Recombinant protein expression and antibody production.

The recombinant PbGPR180 protein (rPbGPR180, 150–370 aa) and PvGPR180 (rPvGPR180, PVX_123365, 26–390 aa) were produced as 6×His-tagged proteins using the yeast expression system (Genecreate Inc., Wuhan, China) and purified using a HisPur Ni-NTA Magnetic Beads (ThermoFisher, Waltham, USA). BALB/c mice were immunized three times with purified rPbGPR180 or rPvGPR180 protein. To produce the MAb against PbGPR180, the spleen cells of the immunized mice were extracted and fused with Sp2/0-Ag14 myeloma cells using the traditional polyethylene glycol method (74). The antibodies were screened by indirect antibody capture enzyme-linked immunosorbent assay as previously described (49). The IgG fractions were prepared by ammonium sulfate precipitation and purified on a Protein G column (ThermoFisher). The anti-PbGPR180 MAb clone 4D3 was selected for further analysis. The anti-PvGPR180 sera were raised by immunizing mice with the rPvGPR180 following a standard immunization protocol (60).

Quantification of transmission-blocking activity of anti-GPR180 antibodies.

TB activities of the anti-PbGPR180 MAb and anti-PvGPR180 sera were estimated using both in vitro ookinete conversion and in vivo mosquito feeding assays (48, 61). In short, phenylhydrazine pretreated mice were injected with 1 × 10⁶ P. berghei iRBCs or the transgenic parasite R8. At 3 dpi, parasitemia was counted by Giemsa staining.

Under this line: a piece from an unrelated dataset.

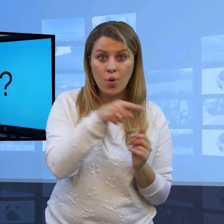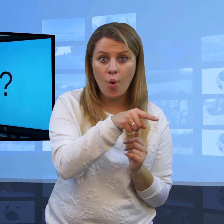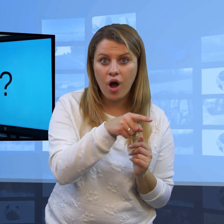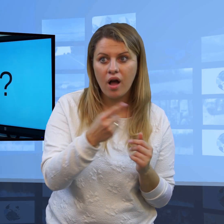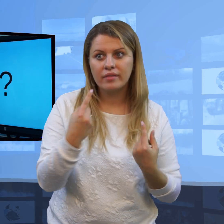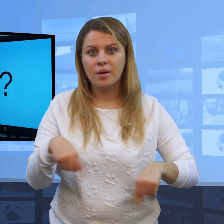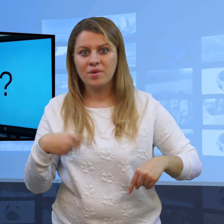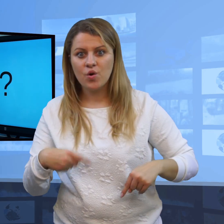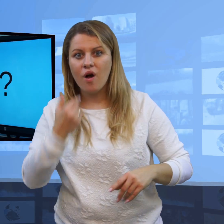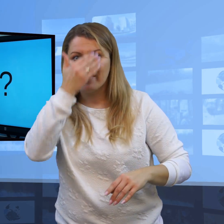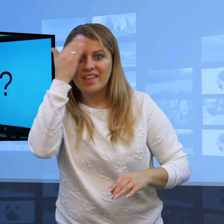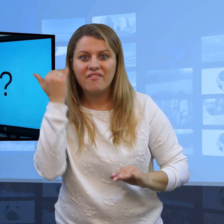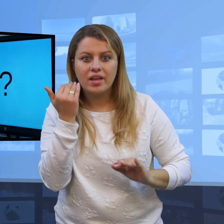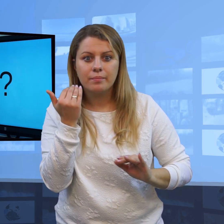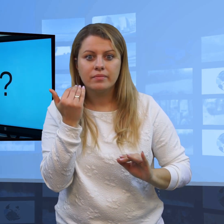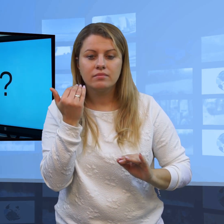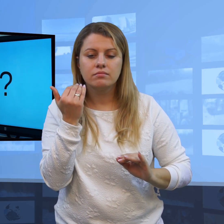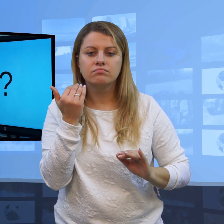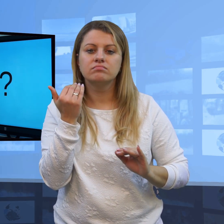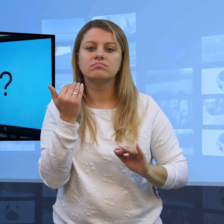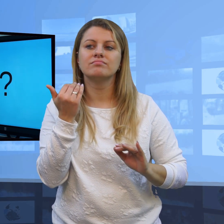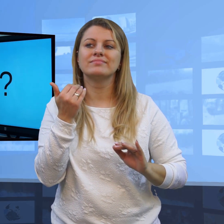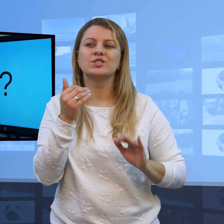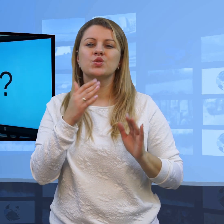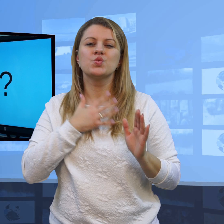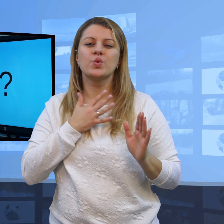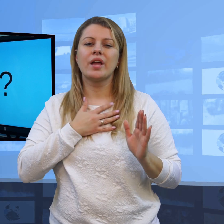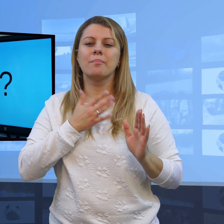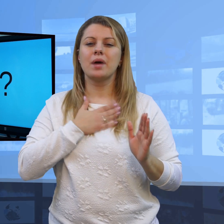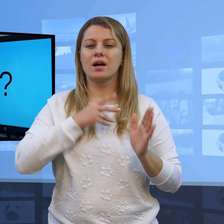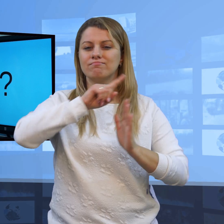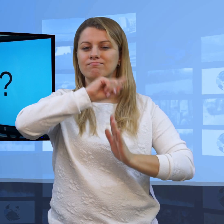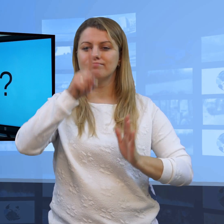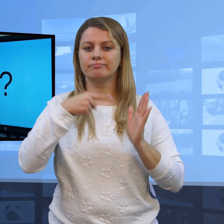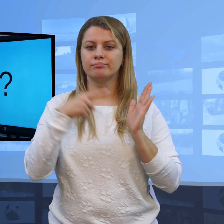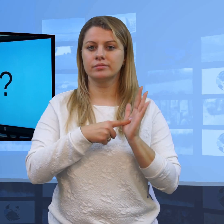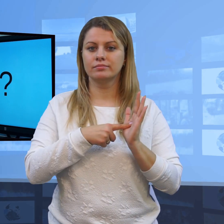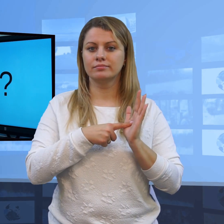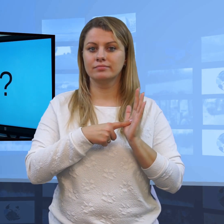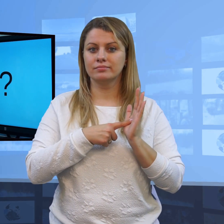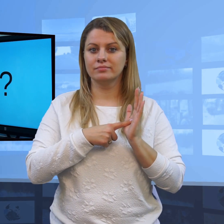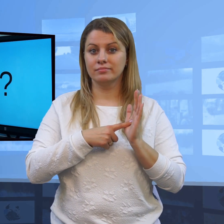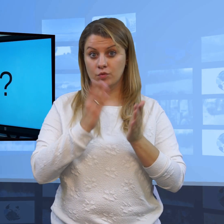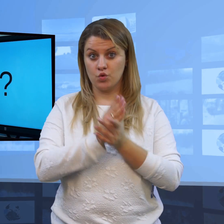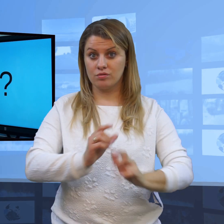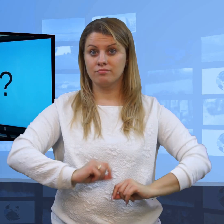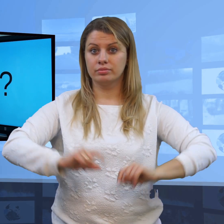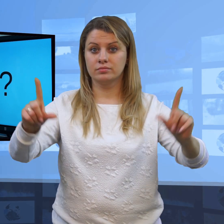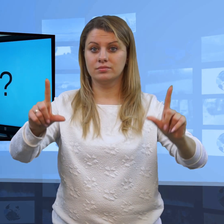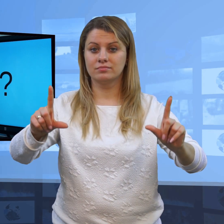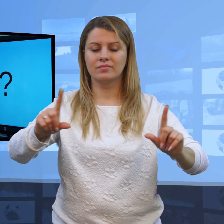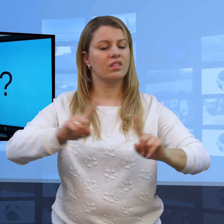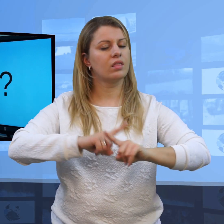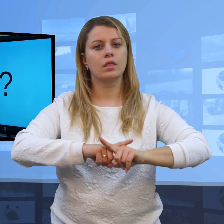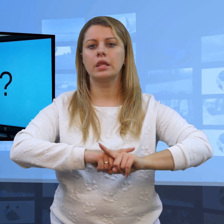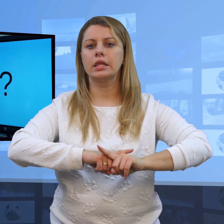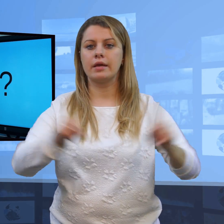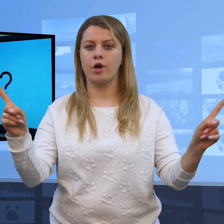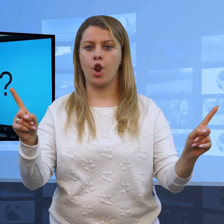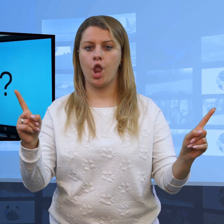czegoś się dowiesz, jeżeli coś zobaczysz, ale nie jesteś pewien, czy

The gametocyte activation, exflagellation, male/female gametes attachment, ookinete number and conversion experiments were performed as described above, except for that the ookinete culture medium was supplemented with the anti-PbGPR180 MAb or mouse IgG control (eBioscience, San Diego, USA), or the anti-PvGPR180 sera or pre-immune sera, respectively. Mosquito-feeding experiments were carried out as described previously (48). Briefly, three mice from each group were infected with the respective parasite lines. At 3 dpi, each mouse was passively transferred with either 10 μg anti-PbGPR180 MAb or 10 μg mouse IgG control, or 100 μL anti-PvGPR180 sera or 100 μL pre-immune sera one h before mosquitoes feeding. 10 days after the blood meal, the prevalence and intensity of infection in mosquitoes were determined in approximately 40 mosquitoes.

Statistical analyses.

Data are presented as mean ± standard deviation (SD). Statistical differences of parasitemia, gametocytemia, exflagellation, gametocyte activation, male/female gamete interaction, ookinete numbers and conversion (%) between groups were analyzed using a two-tailed, unpaired Student's t test. The intensity of infection (oocysts/midgut) was analyzed using the Mann–Whitney U test, while infection prevalence (proportion of infected mosquitoes) was assessed using Fisher’s exact test. Survival curves were analyzed using a Kaplan–Meier’s survival test. P values less than 0.05 were regarded as statistically significant. Data analysis was performed using the GraphPad Prism 8.0.1 program (GraphPad, La Jolla, USA).

Data availability.

The RNA-seq raw data were deposited in the NCBI via the GEO (accession number: GSE198287). The MS raw data were in submission to the ProteomeXchange Consortium via the PRIDE (accession number: PXD030837).